It's easier than you'd think!

By guest author Peter Jacobsen
May 2, 2023

One of the common mistakes people make is thinking that economics is the same thing as finance. Many economics professors will attest that this leads to us getting several questions about financial planning.

The key difference is that while economics studies exchange and the institutions under which exchange takes place, finance deals more with the practical study of managing money and other assets.

So, as an economist, I won’t be planning your retirement anytime soon. But, in my time in business school and my own life, I have picked up a trick or two relating to money management.

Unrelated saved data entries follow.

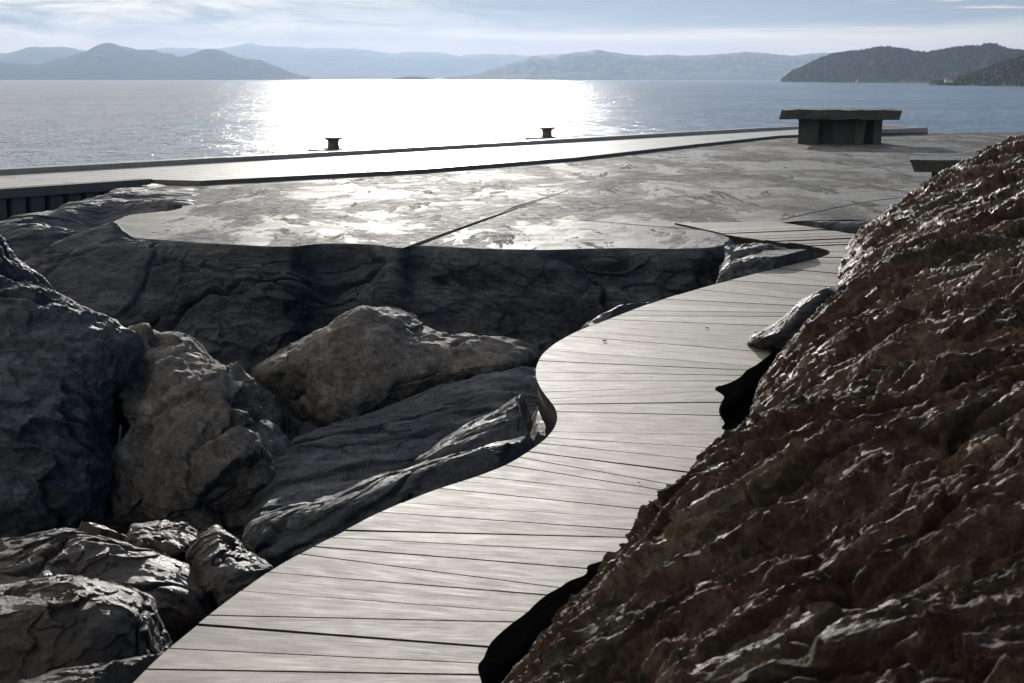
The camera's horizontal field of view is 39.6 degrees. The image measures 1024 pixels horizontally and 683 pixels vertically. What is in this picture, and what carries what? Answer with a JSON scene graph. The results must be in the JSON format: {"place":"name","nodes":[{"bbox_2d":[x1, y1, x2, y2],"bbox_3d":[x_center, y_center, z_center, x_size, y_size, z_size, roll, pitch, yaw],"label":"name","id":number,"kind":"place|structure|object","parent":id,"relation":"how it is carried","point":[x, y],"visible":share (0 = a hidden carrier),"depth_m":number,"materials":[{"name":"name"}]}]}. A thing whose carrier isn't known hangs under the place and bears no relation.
{"place":"outdoors","nodes":[
{"label":"outdoors","id":0,"kind":"place"},
{"bbox_2d":[0,47,84,63],"bbox_3d":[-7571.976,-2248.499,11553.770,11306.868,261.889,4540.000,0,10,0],"label":"hills","id":1,"kind":"structure","parent":0,"point":[33,55],"depth_m":10159.97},
{"bbox_2d":[0,183,197,231],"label":"rock shoulder","id":2,"kind":"object","parent":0,"point":[113,205],"visible":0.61,"depth_m":19.98},
{"bbox_2d":[0,43,309,79],"bbox_3d":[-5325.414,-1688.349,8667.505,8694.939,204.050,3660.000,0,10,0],"label":"island hills","id":3,"kind":"structure","parent":0,"point":[107,61],"depth_m":7128.86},
{"bbox_2d":[0,43,560,78],"bbox_3d":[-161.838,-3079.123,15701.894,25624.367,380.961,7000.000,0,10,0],"label":"hills","id":4,"kind":"structure","parent":0,"point":[331,63],"depth_m":13409.08,"materials":[{"name":"rock"},{"name":"dark foliage"}]},
{"bbox_2d":[118,219,872,562],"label":"bedrock floor","id":5,"kind":"structure","parent":0,"point":[732,419],"depth_m":8.60,"materials":[{"name":"grey stone"}]},
{"bbox_2d":[0,223,80,261],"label":"boulder","id":6,"kind":"object","parent":5,"relation":"on","point":[24,242],"visible":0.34,"depth_m":16.31,"materials":[{"name":"grey stone"}]},
{"bbox_2d":[0,234,144,538],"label":"boulder","id":7,"kind":"object","parent":5,"relation":"on","point":[68,367],"visible":0.88,"depth_m":9.68,"materials":[{"name":"grey stone"}]},
{"bbox_2d":[0,574,172,682],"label":"boulder","id":8,"kind":"object","parent":5,"relation":"on","point":[51,623],"visible":0.81,"depth_m":4.75,"materials":[{"name":"grey stone"}]},
{"bbox_2d":[17,653,162,682],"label":"boulder","id":9,"kind":"object","parent":5,"relation":"on","point":[130,670],"visible":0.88,"depth_m":4.28,"materials":[{"name":"grey stone"}]},
{"bbox_2d":[0,521,217,644],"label":"boulder","id":10,"kind":"object","parent":5,"relation":"on","point":[185,602],"visible":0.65,"depth_m":5.83,"materials":[{"name":"grey stone"}]},
{"bbox_2d":[123,519,197,561],"bbox_3d":[-1.685,0.975,6.856,0.371,0.263,0.808,-2,11,-10],"label":"boulder","id":11,"kind":"object","parent":10,"relation":"on","point":[174,540],"visible":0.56,"depth_m":6.62,"materials":[{"name":"grey stone"}]},
{"bbox_2d":[185,525,273,607],"bbox_3d":[-1.256,0.979,6.238,0.351,0.329,1.009,-3,11,-18],"label":"boulder","id":12,"kind":"object","parent":10,"relation":"on","point":[227,566],"visible":0.7,"depth_m":5.95,"materials":[{"name":"grey stone"}]},
{"bbox_2d":[105,322,290,536],"bbox_3d":[-2.374,0.695,10.699,1.607,1.584,2.389,0,10,0],"label":"boulder","id":13,"kind":"object","parent":5,"relation":"on","point":[199,445],"visible":0.73,"depth_m":9.90,"materials":[{"name":"stone"}]},
{"bbox_2d":[242,436,536,567],"bbox_3d":[-0.544,0.790,7.014,1.594,0.688,1.077,-3,11,-16],"label":"rock ledge","id":14,"kind":"object","parent":5,"relation":"on","point":[277,537],"visible":0.6,"depth_m":6.53,"materials":[{"name":"grey stone"}]},
{"bbox_2d":[243,366,537,529],"bbox_3d":[-0.911,0.764,10.927,1.849,0.821,3.744,9,14,41],"label":"boulder","id":15,"kind":"object","parent":5,"relation":"on","point":[335,458],"visible":0.56,"depth_m":10.45,"materials":[{"name":"grey stone"}]},
{"bbox_2d":[252,305,541,427],"bbox_3d":[-0.975,0.261,12.355,2.505,1.159,1.947,0,10,0],"label":"boulder","id":16,"kind":"object","parent":5,"relation":"on","point":[359,361],"visible":0.76,"depth_m":11.74,"materials":[{"name":"stone"}]},
{"bbox_2d":[114,196,735,441],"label":"cliff","id":17,"kind":"structure","parent":5,"relation":"on","point":[248,308],"depth_m":14.51,"materials":[{"name":"grey stone"}]},
{"bbox_2d":[24,222,173,327],"bbox_3d":[-4.386,-0.689,15.466,2.157,1.191,1.362,4,11,19],"label":"boulder","id":18,"kind":"object","parent":17,"relation":"on","point":[110,270],"visible":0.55,"depth_m":14.97,"materials":[{"name":"grey stone"}]},
{"bbox_2d":[414,394,532,464],"bbox_3d":[-0.116,0.538,8.277,0.877,0.432,0.986,0,10,0],"label":"rock ledge","id":19,"kind":"object","parent":5,"relation":"on","point":[510,419],"visible":0.46,"depth_m":7.95,"materials":[{"name":"grey stone"}]},
{"bbox_2d":[133,222,855,682],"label":"boardwalk","id":20,"kind":"structure","parent":5,"relation":"on","point":[483,578],"depth_m":5.50,"materials":[{"name":"pale weathered timber"}]},
{"bbox_2d":[580,301,652,329],"bbox_3d":[0.987,-0.050,10.866,1.454,0.450,0.799,-8,13,-38],"label":"rock ledge","id":21,"kind":"object","parent":5,"relation":"on","point":[615,312],"visible":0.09,"depth_m":10.73,"materials":[{"name":"grey stone"}]},
{"bbox_2d":[723,243,787,262],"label":"boulder","id":22,"kind":"object","parent":5,"relation":"on","point":[739,251],"visible":0.46,"depth_m":13.92,"materials":[{"name":"grey stone"}]},
{"bbox_2d":[502,134,1023,682],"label":"rock outcrop","id":23,"kind":"object","parent":5,"relation":"on","point":[842,502],"visible":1,"depth_m":3.29,"materials":[{"name":"brown stone"}]},
{"bbox_2d":[716,249,816,283],"bbox_3d":[2.545,-0.636,13.290,1.485,0.392,0.989,0,10,0],"label":"boulder","id":24,"kind":"object","parent":5,"relation":"on","point":[753,263],"visible":0.37,"depth_m":13.00,"materials":[{"name":"grey stone"}]},
{"bbox_2d":[747,287,837,356],"bbox_3d":[1.874,-0.117,9.163,0.717,0.572,1.005,0,10,0],"label":"boulder","id":25,"kind":"object","parent":5,"relation":"on","point":[773,339],"visible":0.43,"depth_m":8.78,"materials":[{"name":"grey stone"}]},
{"bbox_2d":[872,202,898,220],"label":"boulder","id":26,"kind":"object","parent":5,"relation":"on","point":[887,208],"visible":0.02,"depth_m":15.76,"materials":[{"name":"grey stone"}]},
{"bbox_2d":[0,79,1023,167],"bbox_3d":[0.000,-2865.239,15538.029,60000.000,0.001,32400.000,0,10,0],"label":"water","id":27,"kind":"structure","parent":0,"point":[52,122],"depth_m":259.61,"materials":[{"name":"blue liquid"}]},
{"bbox_2d":[393,76,432,79],"bbox_3d":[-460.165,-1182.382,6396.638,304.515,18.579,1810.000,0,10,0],"label":"islet","id":28,"kind":"object","parent":27,"relation":"in","point":[412,78],"visible":0.84,"depth_m":5559.37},
{"bbox_2d":[0,124,927,224],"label":"quay","id":29,"kind":"structure","parent":27,"relation":"in","point":[29,189],"depth_m":27.66,"materials":[{"name":"grey concrete"}]},
{"bbox_2d":[308,137,363,151],"bbox_3d":[-3.941,-4.489,32.383,0.703,0.341,1.267,8,13,38],"label":"mooring bollard","id":30,"kind":"object","parent":29,"relation":"on","point":[333,143],"visible":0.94,"depth_m":32.01,"materials":[{"name":"metal"}]},
{"bbox_2d":[526,127,569,139],"bbox_3d":[1.047,-5.678,38.793,0.719,0.349,1.296,8,13,38],"label":"mooring bollard","id":31,"kind":"object","parent":29,"relation":"on","point":[546,132],"visible":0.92,"depth_m":38.41,"materials":[{"name":"metal"}]},
{"bbox_2d":[780,46,1022,82],"bbox_3d":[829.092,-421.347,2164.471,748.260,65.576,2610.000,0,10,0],"label":"wooded headland","id":32,"kind":"structure","parent":27,"relation":"in","point":[885,80],"depth_m":2217.51,"materials":[{"name":"plant"}]},
{"bbox_2d":[781,43,1023,81],"bbox_3d":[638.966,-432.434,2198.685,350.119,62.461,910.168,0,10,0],"label":"forest","id":33,"kind":"object","parent":32,"relation":"on","point":[940,51],"visible":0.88,"depth_m":2262.05,"materials":[{"name":"green plant"}]},
{"bbox_2d":[929,57,1023,85],"bbox_3d":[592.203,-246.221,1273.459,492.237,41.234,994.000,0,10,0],"label":"wooded point","id":34,"kind":"structure","parent":27,"relation":"in","point":[992,84],"depth_m":1187.38,"materials":[{"name":"green plant"}]},
{"bbox_2d":[944,77,952,81],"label":"house","id":35,"kind":"structure","parent":34,"relation":"on","point":[948,79],"depth_m":1212.89,"materials":[{"name":"grey concrete"}]},
{"bbox_2d":[930,55,1023,85],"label":"forest","id":36,"kind":"object","parent":34,"relation":"on","point":[994,67],"visible":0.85,"depth_m":1217.97,"materials":[{"name":"green plant"}]},
{"bbox_2d":[0,0,1023,55],"label":"sky","id":37,"kind":"structure","parent":0,"point":[454,27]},
{"bbox_2d":[115,132,1023,249],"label":"ground","id":38,"kind":"structure","parent":0,"point":[646,200],"depth_m":20.50,"materials":[{"name":"grey concrete"}]},
{"bbox_2d":[779,108,902,143],"bbox_3d":[8.821,-5.801,38.268,3.181,0.938,1.746,2,11,13],"label":"stone table","id":39,"kind":"object","parent":38,"relation":"on","point":[847,126],"visible":1,"depth_m":37.82,"materials":[{"name":"stone"}]},
{"bbox_2d":[910,156,969,177],"bbox_3d":[6.529,-2.191,19.513,2.084,0.651,1.115,3,11,17],"label":"stone table","id":40,"kind":"object","parent":38,"relation":"on","point":[934,165],"visible":0.22,"depth_m":19.21,"materials":[{"name":"stone"}]},
{"bbox_2d":[445,49,830,79],"bbox_3d":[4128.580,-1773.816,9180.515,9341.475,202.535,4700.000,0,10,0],"label":"ridge hills","id":41,"kind":"structure","parent":0,"point":[597,64],"depth_m":7741.49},
{"bbox_2d":[795,220,871,233],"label":"boulder","id":42,"kind":"object","parent":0,"point":[851,227],"visible":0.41,"depth_m":16.43,"materials":[{"name":"grey stone"}]}
]}

So with that I present a simple guide for making a budget. Please note, none of this is financial advice. I’m just describing a method you can use to make a budget, and some ways of thinking someone may find helpful.

Your budget requires you to compare your income to your expenses. That means you’re going to have to know your income. But just knowing the number associated with your yearly salary or wages is not enough. Why? Two reasons.

First, unless your boss is really cool, you don’t get your entire salary paid to you on January 1st. You can’t just assume you have access to your whole salary when you plan your expenses for the month.

Second, your yearly salary number is likely not adjusted for taxes. So if your salary is $100,000 a year, you’re not going to get all that money. Some of it is going to Uncle Sam rather than your budget, and likely to state and local government as well.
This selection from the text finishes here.